» DATASET EXCERPTS:
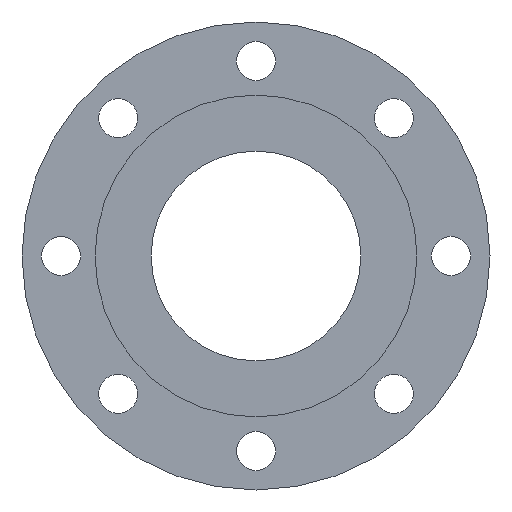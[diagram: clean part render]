
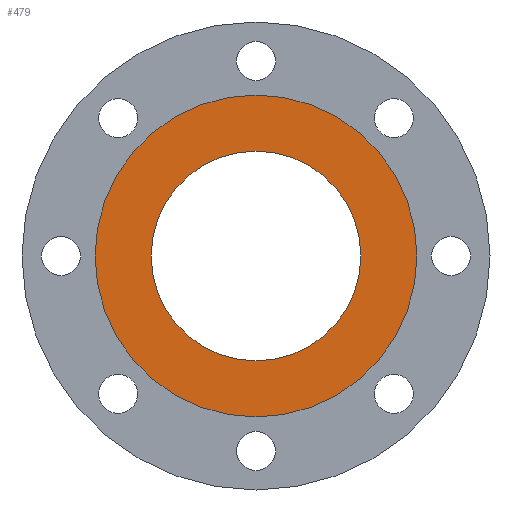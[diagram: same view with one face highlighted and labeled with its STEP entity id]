
A CAD part, front view. The second image highlights one B-rep face of the part: STEP entity #479.
In plain terms, the highlighted planar face has unit normal (0, -1, 0).
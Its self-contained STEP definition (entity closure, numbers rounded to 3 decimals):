
#3 = EDGE_LOOP ( 'NONE', ( #1017, #17 ) ) ;
#17 = ORIENTED_EDGE ( 'NONE', *, *, #442, .T. ) ;
#22 = FACE_OUTER_BOUND ( 'NONE', #1038, .T. ) ;
#33 = CARTESIAN_POINT ( 'NONE',  ( 0., 0., 0. ) ) ;
#64 = CIRCLE ( 'NONE', #1124, 78.6 ) ;
#82 = DIRECTION ( 'NONE',  ( 0., 1., 0. ) ) ;
#233 = CARTESIAN_POINT ( 'NONE',  ( 0., 0., 51.2 ) ) ;
#253 = VERTEX_POINT ( 'NONE', #836 ) ;
#268 = DIRECTION ( 'NONE',  ( 0., 0., 1. ) ) ;
#339 = CIRCLE ( 'NONE', #748, 78.6 ) ;
#347 = EDGE_CURVE ( 'NONE', #997, #441, #727, .T. ) ;
#395 = DIRECTION ( 'NONE',  ( 0., 0., 1. ) ) ;
#411 = DIRECTION ( 'NONE',  ( 0., 1., 0. ) ) ;
#415 = CARTESIAN_POINT ( 'NONE',  ( 0., 0., -51.2 ) ) ;
#441 = VERTEX_POINT ( 'NONE', #415 ) ;
#442 = EDGE_CURVE ( 'NONE', #441, #997, #982, .T. ) ;
#479 = ADVANCED_FACE ( 'NONE', ( #785, #22 ), #1161, .T. ) ;
#516 = AXIS2_PLACEMENT_3D ( 'NONE', #914, #82, #1201 ) ;
#518 = VERTEX_POINT ( 'NONE', #1072 ) ;
#535 = DIRECTION ( 'NONE',  ( 0., 1., 0. ) ) ;
#622 = CARTESIAN_POINT ( 'NONE',  ( 0., 0., 51.2 ) ) ;
#660 = CARTESIAN_POINT ( 'NONE',  ( 0., 0., 0. ) ) ;
#715 = EDGE_CURVE ( 'NONE', #518, #253, #64, .T. ) ;
#727 = CIRCLE ( 'NONE', #516, 51.2 ) ;
#748 = AXIS2_PLACEMENT_3D ( 'NONE', #891, #535, #902 ) ;
#765 = DIRECTION ( 'NONE',  ( 0., -1., 0. ) ) ;
#785 = FACE_BOUND ( 'NONE', #3, .T. ) ;
#836 = CARTESIAN_POINT ( 'NONE',  ( 0., 0., 78.6 ) ) ;
#891 = CARTESIAN_POINT ( 'NONE',  ( 0., 0., 0. ) ) ;
#902 = DIRECTION ( 'NONE',  ( 0., 0., 1. ) ) ;
#914 = CARTESIAN_POINT ( 'NONE',  ( 0., 0., 0. ) ) ;
#982 = CIRCLE ( 'NONE', #1141, 51.2 ) ;
#997 = VERTEX_POINT ( 'NONE', #622 ) ;
#1008 = ORIENTED_EDGE ( 'NONE', *, *, #1066, .F. ) ;
#1017 = ORIENTED_EDGE ( 'NONE', *, *, #347, .T. ) ;
#1030 = DIRECTION ( 'NONE',  ( 0., 1., 0. ) ) ;
#1038 = EDGE_LOOP ( 'NONE', ( #1008, #1138 ) ) ;
#1066 = EDGE_CURVE ( 'NONE', #253, #518, #339, .T. ) ;
#1072 = CARTESIAN_POINT ( 'NONE',  ( 0., 0., -78.6 ) ) ;
#1094 = DIRECTION ( 'NONE',  ( 0., 0., -1. ) ) ;
#1099 = AXIS2_PLACEMENT_3D ( 'NONE', #233, #765, #1094 ) ;
#1124 = AXIS2_PLACEMENT_3D ( 'NONE', #660, #1030, #268 ) ;
#1138 = ORIENTED_EDGE ( 'NONE', *, *, #715, .F. ) ;
#1141 = AXIS2_PLACEMENT_3D ( 'NONE', #33, #411, #395 ) ;
#1161 = PLANE ( 'NONE',  #1099 ) ;
#1201 = DIRECTION ( 'NONE',  ( 0., 0., 1. ) ) ;

» ABOUT THIS EXERCISE: Both the line containing "#253 = VERTEX_POINT ( 'NONE', #836 ) ;" and the line containing "#479 = ADVANCED_FACE" belong in the answer. Print them and every line above that falls between them exactly, and no others.

» SOLUTION TO THIS EXERCISE:
#253 = VERTEX_POINT ( 'NONE', #836 ) ;
#268 = DIRECTION ( 'NONE',  ( 0., 0., 1. ) ) ;
#339 = CIRCLE ( 'NONE', #748, 78.6 ) ;
#347 = EDGE_CURVE ( 'NONE', #997, #441, #727, .T. ) ;
#395 = DIRECTION ( 'NONE',  ( 0., 0., 1. ) ) ;
#411 = DIRECTION ( 'NONE',  ( 0., 1., 0. ) ) ;
#415 = CARTESIAN_POINT ( 'NONE',  ( 0., 0., -51.2 ) ) ;
#441 = VERTEX_POINT ( 'NONE', #415 ) ;
#442 = EDGE_CURVE ( 'NONE', #441, #997, #982, .T. ) ;
#479 = ADVANCED_FACE ( 'NONE', ( #785, #22 ), #1161, .T. ) ;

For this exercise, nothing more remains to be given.